How to set yourself free from negative thinking

Our mind is perhaps the most advanced piece of technology in existence, but it is not without a glitch or two. Pancho Mehrotra delves into negative thinking patterns, how they can hold us back, and how to set ourselves free.

In the current challenging economic climate, many people struggle to change the way they react when dealing with disappointment and the accompanying negative feelings. They become locked in a perpetual thought pattern that has no exit.

Thoughts of pain and regret can haunt the individual for many years and can affect their life in many ways, from work to personal relationships.

What happens when you’ve been to a listing presentation and at the end of the presentation the client tells you they have decided to go with someone else.

You might feel angry, betrayed and then disappointed.

Why didn’t they tell you this at the start?

Why would they choose someone else, as you know deep down that the agent they chose is nowhere near your ability?

What could you have done better?

Were you too expensive or too cheap?

We can ask ourselves endless questions to try to come up with a plausible reason for why they did not go ahead.

Even with this self-reflection, you find it hard to let it go.

From time to time these feelings pop into your mind unexpectedly.

Learning how to get closure, where you can let go of these thoughts and move forward in a way that provides peace of mind is what most people want, and often lack, in their lives.

What prevents us from moving on?

We are primitive beings who are driven to meet our needs. Abraham Maslow’s Hierarchy of Needs, in which he describes the five levels of needs, may give us an understanding of why we find it so difficult to move on. The five levels of need are:

  • Physiological
  • Safety
  • Belonging
  • Esteem
  • Self-actualisation.

When we feel people, circumstances or our perceptions threaten these needs, we react to protect ourselves, at times to our detriment. Some examples of needs and possible explanations:

Power Achieve my goals by controlling my environment and people.
Winning Losing demonstrates to others I am weak and unworthy.
Esteem If I am validated by others, my sense of identity is secure.

When we seek closure we are looking for two things.

1. Control
The challenge in moving on from situations or events is about understanding that there are things we can control and things that we can’t.

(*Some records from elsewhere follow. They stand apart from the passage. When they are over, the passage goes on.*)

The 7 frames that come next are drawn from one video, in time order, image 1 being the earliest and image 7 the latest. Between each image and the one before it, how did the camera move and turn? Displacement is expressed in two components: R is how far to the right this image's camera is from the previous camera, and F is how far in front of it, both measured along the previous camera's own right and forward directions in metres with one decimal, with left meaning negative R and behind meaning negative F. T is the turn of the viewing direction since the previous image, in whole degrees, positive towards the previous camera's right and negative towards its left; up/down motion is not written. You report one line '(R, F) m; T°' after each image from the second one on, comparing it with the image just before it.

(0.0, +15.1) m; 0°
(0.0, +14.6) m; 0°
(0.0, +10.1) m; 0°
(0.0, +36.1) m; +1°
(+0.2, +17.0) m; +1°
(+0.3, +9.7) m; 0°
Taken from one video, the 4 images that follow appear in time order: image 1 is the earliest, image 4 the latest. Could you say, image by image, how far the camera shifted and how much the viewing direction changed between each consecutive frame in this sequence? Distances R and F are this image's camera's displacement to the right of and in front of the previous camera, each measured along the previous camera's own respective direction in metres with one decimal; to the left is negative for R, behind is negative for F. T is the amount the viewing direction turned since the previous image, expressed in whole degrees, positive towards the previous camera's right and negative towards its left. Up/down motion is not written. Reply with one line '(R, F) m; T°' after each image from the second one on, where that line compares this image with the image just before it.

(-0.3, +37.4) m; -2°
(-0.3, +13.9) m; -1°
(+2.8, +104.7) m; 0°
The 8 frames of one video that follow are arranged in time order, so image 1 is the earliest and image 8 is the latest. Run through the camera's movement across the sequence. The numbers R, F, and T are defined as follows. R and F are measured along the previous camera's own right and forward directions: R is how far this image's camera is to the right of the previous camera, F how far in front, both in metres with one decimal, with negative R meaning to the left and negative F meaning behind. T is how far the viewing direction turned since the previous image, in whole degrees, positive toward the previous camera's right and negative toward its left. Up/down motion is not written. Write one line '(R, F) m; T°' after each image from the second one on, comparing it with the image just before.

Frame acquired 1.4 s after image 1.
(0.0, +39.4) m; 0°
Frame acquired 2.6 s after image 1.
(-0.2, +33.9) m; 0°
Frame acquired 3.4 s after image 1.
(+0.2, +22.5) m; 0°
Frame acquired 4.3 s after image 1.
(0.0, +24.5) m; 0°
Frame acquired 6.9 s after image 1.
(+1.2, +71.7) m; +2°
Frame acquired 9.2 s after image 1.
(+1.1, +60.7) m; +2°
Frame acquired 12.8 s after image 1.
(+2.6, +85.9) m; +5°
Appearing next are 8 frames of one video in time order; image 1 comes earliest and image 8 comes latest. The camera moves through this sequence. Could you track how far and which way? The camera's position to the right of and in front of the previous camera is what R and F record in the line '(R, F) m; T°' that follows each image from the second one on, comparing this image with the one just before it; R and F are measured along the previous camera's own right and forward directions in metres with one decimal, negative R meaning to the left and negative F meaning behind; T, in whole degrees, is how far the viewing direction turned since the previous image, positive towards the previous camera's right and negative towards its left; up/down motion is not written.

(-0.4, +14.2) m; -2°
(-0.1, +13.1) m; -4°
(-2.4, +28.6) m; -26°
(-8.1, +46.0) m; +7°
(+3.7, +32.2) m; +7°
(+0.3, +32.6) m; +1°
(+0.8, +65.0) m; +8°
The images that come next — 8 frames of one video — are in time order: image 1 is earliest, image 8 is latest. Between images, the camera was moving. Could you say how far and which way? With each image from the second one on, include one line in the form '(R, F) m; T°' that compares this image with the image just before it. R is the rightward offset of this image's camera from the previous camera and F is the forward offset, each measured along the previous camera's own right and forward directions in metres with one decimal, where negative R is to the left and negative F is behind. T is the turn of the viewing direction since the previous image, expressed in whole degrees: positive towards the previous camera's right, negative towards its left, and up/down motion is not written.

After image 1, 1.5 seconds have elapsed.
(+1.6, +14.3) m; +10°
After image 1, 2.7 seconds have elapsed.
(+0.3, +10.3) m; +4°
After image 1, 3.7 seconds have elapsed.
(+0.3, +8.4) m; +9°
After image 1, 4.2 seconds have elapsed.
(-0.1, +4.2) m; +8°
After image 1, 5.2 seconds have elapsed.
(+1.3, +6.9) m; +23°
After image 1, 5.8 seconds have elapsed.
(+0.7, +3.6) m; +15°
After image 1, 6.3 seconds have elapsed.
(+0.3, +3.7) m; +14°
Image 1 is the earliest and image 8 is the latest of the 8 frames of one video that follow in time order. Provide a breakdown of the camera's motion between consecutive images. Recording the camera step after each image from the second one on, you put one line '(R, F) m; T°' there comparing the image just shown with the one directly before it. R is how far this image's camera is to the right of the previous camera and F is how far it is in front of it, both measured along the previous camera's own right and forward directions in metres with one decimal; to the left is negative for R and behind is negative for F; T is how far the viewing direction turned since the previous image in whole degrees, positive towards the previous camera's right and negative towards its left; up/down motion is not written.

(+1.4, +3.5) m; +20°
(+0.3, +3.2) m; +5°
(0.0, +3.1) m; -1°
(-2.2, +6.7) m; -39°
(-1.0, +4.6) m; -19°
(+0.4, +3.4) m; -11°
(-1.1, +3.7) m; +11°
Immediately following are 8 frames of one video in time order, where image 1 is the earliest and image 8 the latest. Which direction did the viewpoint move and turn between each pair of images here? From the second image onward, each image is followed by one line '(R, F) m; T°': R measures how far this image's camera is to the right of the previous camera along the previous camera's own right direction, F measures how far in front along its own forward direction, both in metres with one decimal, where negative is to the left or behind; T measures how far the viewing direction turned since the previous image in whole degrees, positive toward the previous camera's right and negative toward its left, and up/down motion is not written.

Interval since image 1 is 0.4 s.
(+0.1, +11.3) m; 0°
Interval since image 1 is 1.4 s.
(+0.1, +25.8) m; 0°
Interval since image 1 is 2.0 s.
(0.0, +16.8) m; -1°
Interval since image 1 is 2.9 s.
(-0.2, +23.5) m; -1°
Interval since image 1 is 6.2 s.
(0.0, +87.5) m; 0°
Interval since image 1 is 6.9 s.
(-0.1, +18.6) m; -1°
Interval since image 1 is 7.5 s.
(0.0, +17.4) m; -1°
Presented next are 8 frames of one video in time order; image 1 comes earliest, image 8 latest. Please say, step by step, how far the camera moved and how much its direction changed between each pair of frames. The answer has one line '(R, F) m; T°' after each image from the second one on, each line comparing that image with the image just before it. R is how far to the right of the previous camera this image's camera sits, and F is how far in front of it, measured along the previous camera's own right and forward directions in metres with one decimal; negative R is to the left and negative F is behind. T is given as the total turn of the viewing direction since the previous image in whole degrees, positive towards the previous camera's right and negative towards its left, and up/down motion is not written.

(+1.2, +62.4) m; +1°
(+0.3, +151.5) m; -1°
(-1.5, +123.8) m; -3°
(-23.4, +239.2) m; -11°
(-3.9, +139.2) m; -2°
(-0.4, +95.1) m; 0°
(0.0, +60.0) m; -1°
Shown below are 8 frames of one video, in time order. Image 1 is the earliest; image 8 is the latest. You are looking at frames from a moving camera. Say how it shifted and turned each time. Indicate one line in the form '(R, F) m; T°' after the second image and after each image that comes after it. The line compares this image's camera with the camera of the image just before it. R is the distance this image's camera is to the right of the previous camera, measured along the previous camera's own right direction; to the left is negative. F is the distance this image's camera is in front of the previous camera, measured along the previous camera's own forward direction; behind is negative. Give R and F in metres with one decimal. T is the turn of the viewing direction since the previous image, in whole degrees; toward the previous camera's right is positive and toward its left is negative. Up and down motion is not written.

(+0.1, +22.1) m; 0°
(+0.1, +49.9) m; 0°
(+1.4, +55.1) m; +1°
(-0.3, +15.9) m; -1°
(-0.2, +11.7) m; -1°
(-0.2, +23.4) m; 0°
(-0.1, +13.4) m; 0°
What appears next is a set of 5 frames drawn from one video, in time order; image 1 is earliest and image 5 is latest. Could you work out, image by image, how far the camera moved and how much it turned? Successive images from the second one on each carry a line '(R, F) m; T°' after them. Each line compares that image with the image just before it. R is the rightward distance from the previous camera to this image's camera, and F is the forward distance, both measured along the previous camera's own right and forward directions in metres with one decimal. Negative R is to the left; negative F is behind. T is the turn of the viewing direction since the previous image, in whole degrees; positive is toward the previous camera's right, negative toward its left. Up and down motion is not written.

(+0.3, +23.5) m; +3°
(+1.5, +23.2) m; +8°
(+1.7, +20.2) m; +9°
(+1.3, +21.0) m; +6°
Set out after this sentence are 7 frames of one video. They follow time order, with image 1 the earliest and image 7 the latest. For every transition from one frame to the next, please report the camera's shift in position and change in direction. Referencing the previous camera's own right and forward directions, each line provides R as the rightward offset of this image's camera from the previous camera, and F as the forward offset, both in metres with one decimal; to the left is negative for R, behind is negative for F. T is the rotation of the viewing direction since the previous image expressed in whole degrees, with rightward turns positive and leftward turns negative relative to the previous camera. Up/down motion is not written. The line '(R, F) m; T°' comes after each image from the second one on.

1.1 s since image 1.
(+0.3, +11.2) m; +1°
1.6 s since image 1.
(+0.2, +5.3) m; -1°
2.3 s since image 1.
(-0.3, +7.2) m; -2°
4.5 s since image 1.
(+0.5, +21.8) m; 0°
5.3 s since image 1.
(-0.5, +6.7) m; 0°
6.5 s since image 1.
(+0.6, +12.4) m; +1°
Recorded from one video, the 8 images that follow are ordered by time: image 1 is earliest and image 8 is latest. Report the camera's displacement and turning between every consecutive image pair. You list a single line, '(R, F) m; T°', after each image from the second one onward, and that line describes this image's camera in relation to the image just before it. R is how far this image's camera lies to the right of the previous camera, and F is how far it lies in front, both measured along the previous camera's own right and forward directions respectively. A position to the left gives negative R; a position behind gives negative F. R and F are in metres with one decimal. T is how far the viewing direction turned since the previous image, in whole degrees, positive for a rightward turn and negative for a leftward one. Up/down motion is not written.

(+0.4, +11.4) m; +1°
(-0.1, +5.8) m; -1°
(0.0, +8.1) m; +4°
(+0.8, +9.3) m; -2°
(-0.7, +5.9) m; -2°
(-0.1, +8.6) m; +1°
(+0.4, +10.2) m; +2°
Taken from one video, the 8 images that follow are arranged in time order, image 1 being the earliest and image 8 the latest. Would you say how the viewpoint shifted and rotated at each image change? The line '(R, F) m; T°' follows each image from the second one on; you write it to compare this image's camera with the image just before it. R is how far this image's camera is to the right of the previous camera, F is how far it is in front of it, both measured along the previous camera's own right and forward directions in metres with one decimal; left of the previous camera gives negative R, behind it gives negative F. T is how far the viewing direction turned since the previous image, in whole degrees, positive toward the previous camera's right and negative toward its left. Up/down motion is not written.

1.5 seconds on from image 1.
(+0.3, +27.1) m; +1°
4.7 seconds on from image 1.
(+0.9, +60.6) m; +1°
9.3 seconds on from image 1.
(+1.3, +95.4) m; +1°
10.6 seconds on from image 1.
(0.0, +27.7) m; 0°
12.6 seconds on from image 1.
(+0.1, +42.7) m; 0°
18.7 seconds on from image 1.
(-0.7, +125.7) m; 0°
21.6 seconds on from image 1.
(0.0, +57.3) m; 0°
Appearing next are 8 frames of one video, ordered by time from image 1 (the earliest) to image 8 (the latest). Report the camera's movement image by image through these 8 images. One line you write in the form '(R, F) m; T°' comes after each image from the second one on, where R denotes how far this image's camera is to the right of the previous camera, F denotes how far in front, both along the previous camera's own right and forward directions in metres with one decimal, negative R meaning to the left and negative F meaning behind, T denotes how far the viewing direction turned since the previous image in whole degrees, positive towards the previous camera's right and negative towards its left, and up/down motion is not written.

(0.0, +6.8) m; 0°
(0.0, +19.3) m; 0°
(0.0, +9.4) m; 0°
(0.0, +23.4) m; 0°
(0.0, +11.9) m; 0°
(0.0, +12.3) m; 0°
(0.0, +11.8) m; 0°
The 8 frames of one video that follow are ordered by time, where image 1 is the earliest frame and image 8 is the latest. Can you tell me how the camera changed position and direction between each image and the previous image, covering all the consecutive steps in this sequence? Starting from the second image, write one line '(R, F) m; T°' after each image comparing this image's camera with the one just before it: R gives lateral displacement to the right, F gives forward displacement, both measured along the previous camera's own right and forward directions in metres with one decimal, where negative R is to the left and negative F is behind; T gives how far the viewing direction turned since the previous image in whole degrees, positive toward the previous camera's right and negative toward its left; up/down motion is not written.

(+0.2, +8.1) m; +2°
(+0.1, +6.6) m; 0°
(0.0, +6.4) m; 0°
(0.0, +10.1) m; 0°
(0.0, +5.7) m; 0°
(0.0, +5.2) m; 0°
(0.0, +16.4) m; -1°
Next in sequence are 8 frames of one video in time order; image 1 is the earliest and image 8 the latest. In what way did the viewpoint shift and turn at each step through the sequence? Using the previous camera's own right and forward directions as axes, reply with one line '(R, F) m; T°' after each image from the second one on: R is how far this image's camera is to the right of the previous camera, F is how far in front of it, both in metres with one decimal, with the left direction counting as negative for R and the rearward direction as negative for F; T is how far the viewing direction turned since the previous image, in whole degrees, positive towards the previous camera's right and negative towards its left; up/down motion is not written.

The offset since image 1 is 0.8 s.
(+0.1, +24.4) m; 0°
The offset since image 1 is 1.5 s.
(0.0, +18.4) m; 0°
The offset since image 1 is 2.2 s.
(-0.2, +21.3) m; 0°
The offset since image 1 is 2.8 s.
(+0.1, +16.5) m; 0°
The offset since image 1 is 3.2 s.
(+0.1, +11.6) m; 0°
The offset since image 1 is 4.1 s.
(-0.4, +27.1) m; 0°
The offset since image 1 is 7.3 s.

Regardless, we always look for a sense of control in every situation.

Confirmation that our identity is secure
Protecting our identity is even more challenging than our need for control. We often define ourselves by the relationship we have with people and sometimes our need for acceptance overpowers our ability to move on.

Our need for acceptance is a powerful emotion. When we feel rejected, we think to ourselves “what does that say about me?”

Do I avoid dealing with the issue/situation or do I confront it?

The short answer is neither.

We may not be able to change what has happened or what the other party says or does, but we can change how we respond or think about the issue.

The best way to deal with a challenging situation is to control the way we respond to the situation.

When you don’t have closure, tension is felt mentally and physically as sensations.

These can affect you in many ways, including difficulty sleeping, anger, anxiety, bitterness and emotional exhaustion.

Therefore, getting closure requires a physical and psychological process of relieving the issue.

The two most common types of closure outcomes:

1. Holy sh*t moments
This is when the a-ha moment happens and suddenly you understand and can make sense of things. If you are having difficulty in sales, new facts or knowledge can give you these insights.

2. Total commitment moments
This happens when a person is convinced they need to make changes to the way they deal with the issue and embark on a deliberate course of action. When you do this, you change your beliefs and move on.

Decide what you want. Write it out.

  • Write out how you don’t want to respond to the issue.
  • Look at the issue from another person’s perspective, such as a teacher, parent, or boss. See it through their eyes. Write out your answers.
  • Go through the tips above and with a rational mind, pick one that works for you in that particular situation.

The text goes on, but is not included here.